Adaxial-abaxial bipolar leaf genes encode a putative cytokinin receptor and HD-Zip III, and control the formation of ectopic shoot meristems in rice.
Takumi TezukaRie SatoJun-Ichi ItohToshiki KobayashiTomokazu WatanabeKaito ChibaHaruki ShimizuTakuma NabetaHidehiko SunoharaHiroetsu WabikoNobuhiro NagasawaNamiko Satoh-NagasawaPublished in: Development (Cambridge, England) (2024)
Shoot apical meristems (SAMs) continuously initiate organ formation and maintain pluripotency through dynamic genetic regulations and cell-to-cell communications. The activity of meristems directly affects the plant's structure by determining the number and arrangement of organs and tissues. We have taken a forward genetic approach to dissect the genetic pathway that controls cell differentiation around the SAM. The rice mutants, adaxial-abaxial bipolar leaf 1 and 2 (abl1 and abl2), produce an ectopic leaf that is fused back-to-back with the fourth leaf, the first leaf produced after embryogenesis.
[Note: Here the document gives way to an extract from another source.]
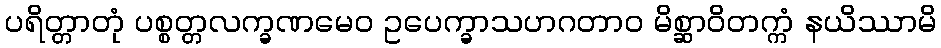
ပရိတ္တာတုံ ပစ္စတ္တလက္ခဏမေဝ ဥပေက္ခာသဟဂတာဝ မိစ္ဆာဝိတက္ကံ နယိဿာမိ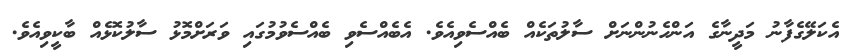
އެކަލޭގެފާނު މަދީނާގެ އަންހެނުންނަށް ސާލުތަކެއް ބެއްސެވިއެވެ. އެބެއްސެވި ބެއްސެވުމުގައި ވަރަށްމޮޅު ސާލުކޮޅެއް ބާކީވިއެވެ.

The abaxial-abaxial fusion is associated with the formation of an ectopic shoot meristem at the adaxial base of the fourth leaf primordium. We cloned the ABL1 and ABL2 genes of rice by mapping their chromosomal positions. ABL1 encodes OsHK6, a histidine kinase, and ABL2 encodes a transcription factor, OSHB3 (Class III homeodomain leucine zipper). Expression analyses of these mutant genes as well as OSH1, a rice ortholog of the Arabidopsis STM gene, unveiled a regulatory circuit that controls the formation of an ectopic meristem near the SAM at germination.